Taken together, the findings from the current study showed that two questions from the physiological subscale were unsuitable to measure leisure satisfaction benefits. These results suggest that the physiological subscale might need to be reconstructed. The original 51 items from LSS provides six items on the physiological subscale. One possible solution might be to replace the two unsuitable items on the physiological subscale with the following questions from the original LSS: “My leisure activities help control my weight” and “My leisure activities help me maintain my energy level”.

Limitation

It is important to acknowledge the limitations and provide possible future directions. This study was conducted in the south-central U.S. and cannot be generalized to the entire population or to other countries. Future research should consider conducting research from a variety of regions that might yield more powerful and accurate findings. Another important issue was that the lack of sample size might make it hard to generalize the results of the reconstructed LSS-short form. More participants in the future would be helpful to enhance the results. Finally, an important issue was the lack of knowledge about the participants aside from their sex. Future research could provide various demographic characteristics such as age, ethnicity, socioeconomic status, income, education, marital status and so on. It could thus attempt to explain how these demographic characteristics can influence an individual’s choice of leisure satisfaction level.

Conclusions

As individuals consider leisure time and activities to be more important, it is vital to provide and fulfill their needs so that they continue to enjoy their leisure time.

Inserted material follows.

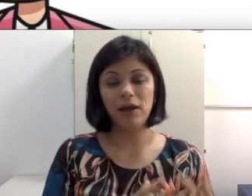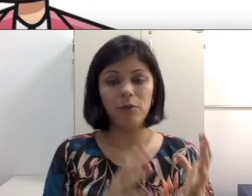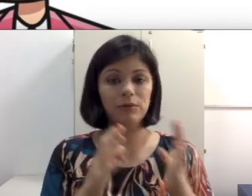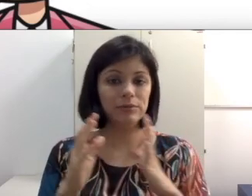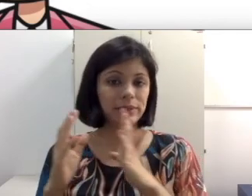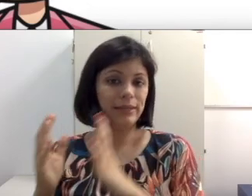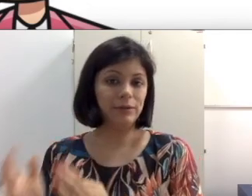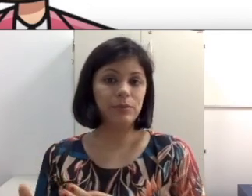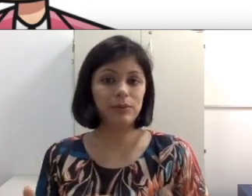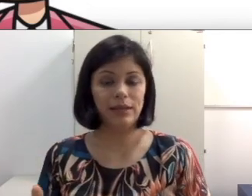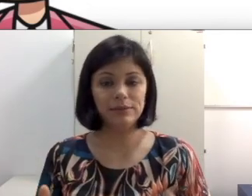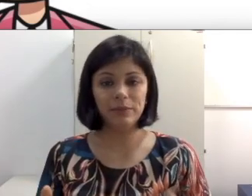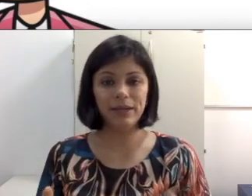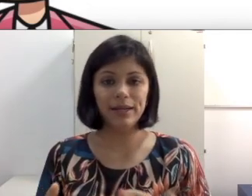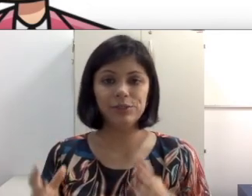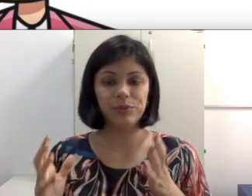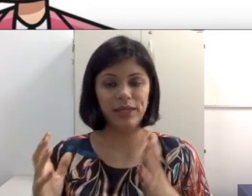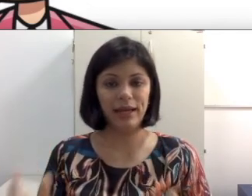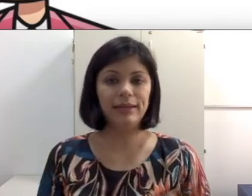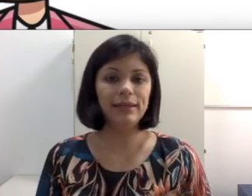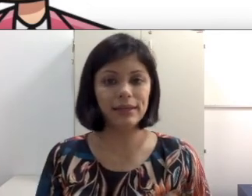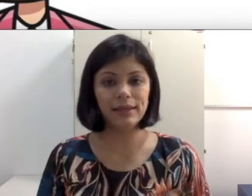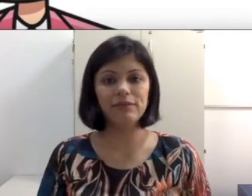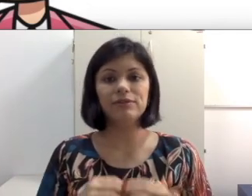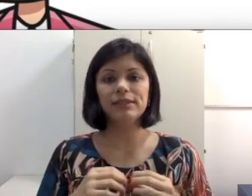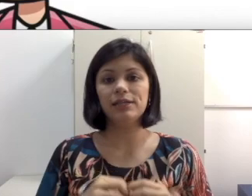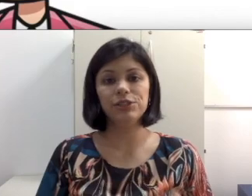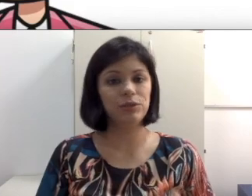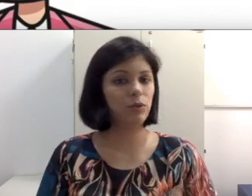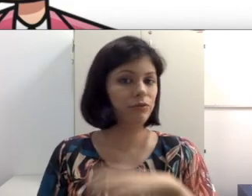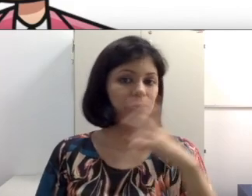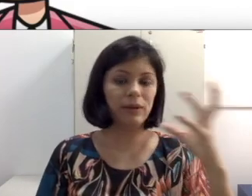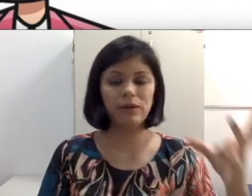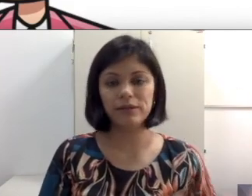o aluno sentado para o lado da parede porque ali que você acha que o ouvido melhor dele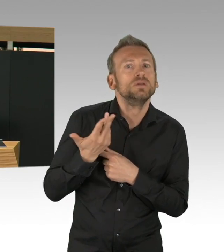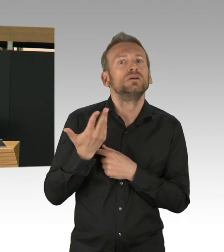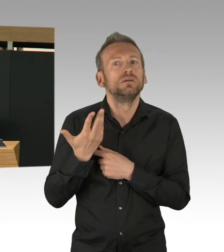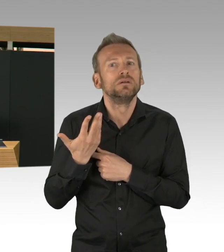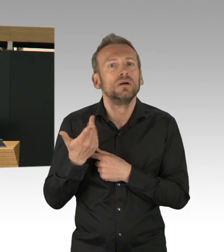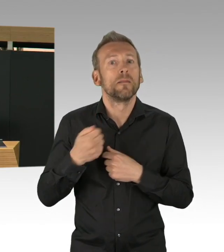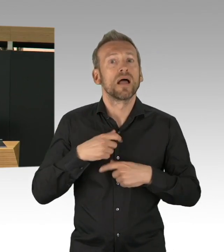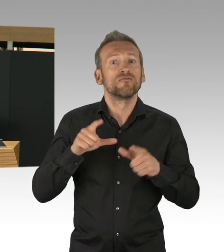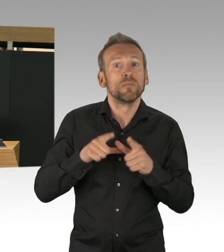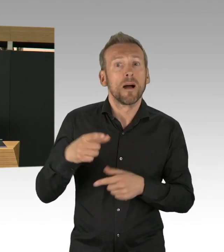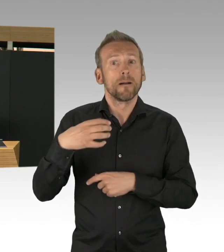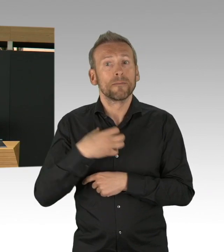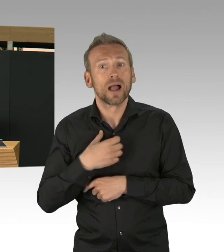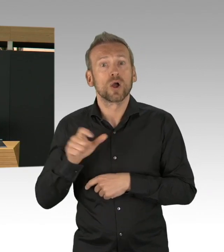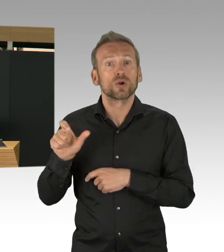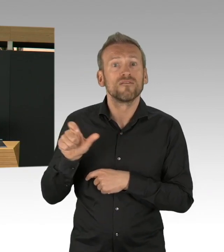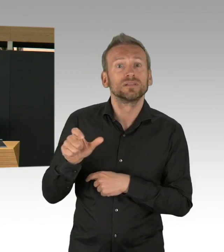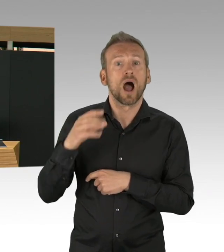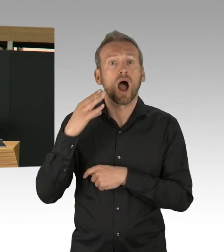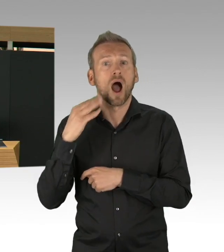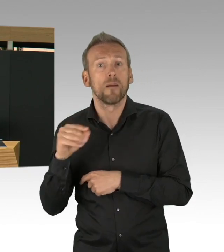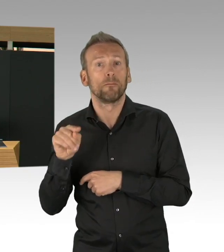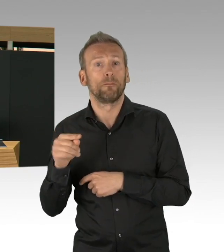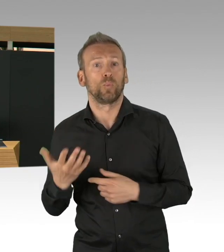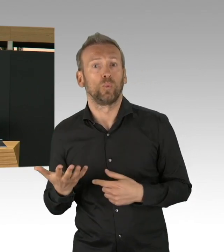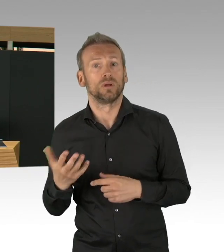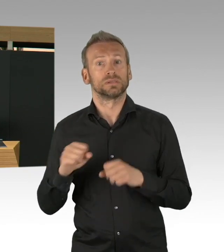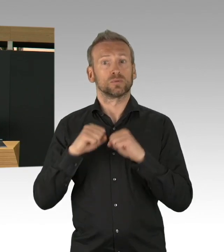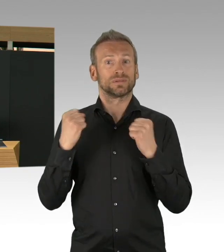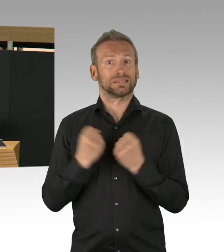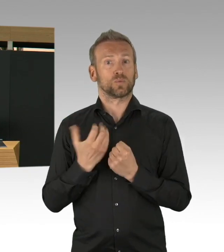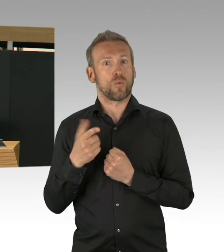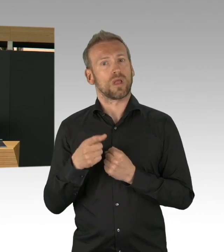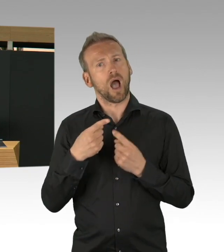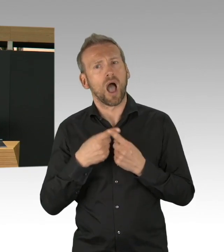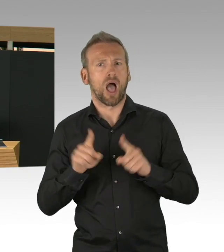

However, leisure and recreation professionals and practitioners might not fully understand why individuals participate in leisure activities or programs. By measuring leisure satisfaction levels through exiting surveys or questionnaires, it is possible to recognize and anticipate participants’ desires through their leisure activities. One widely used survey is the Leisure Satisfaction Scale-short form. The LSS-short form has been utilized to estimate individual leisure satisfaction levels in a variety of disciplines [32, 33]. However, it is necessary to reevaluate whether the LSS-short form can still be useful to measure individual leisure satisfaction levels due to the lack of statistical evidence. In addition, this study found three items were unsuitable to measure individual leisure satisfaction levels. Thus, it was suggested that they be replaced to achieve a better understanding of leisure satisfaction questionnaires that would be validated to another sample to increase external validity. Based on this research, this study anticipates that the reconstructed the LSS-short form should be recommended for evaluating individual leisure satisfaction levels in future studies. Thus, leisure and recreation professionals and practitioners can be equipped to provide and develop effective leisure activities or programs by utilizing new LSS-short form.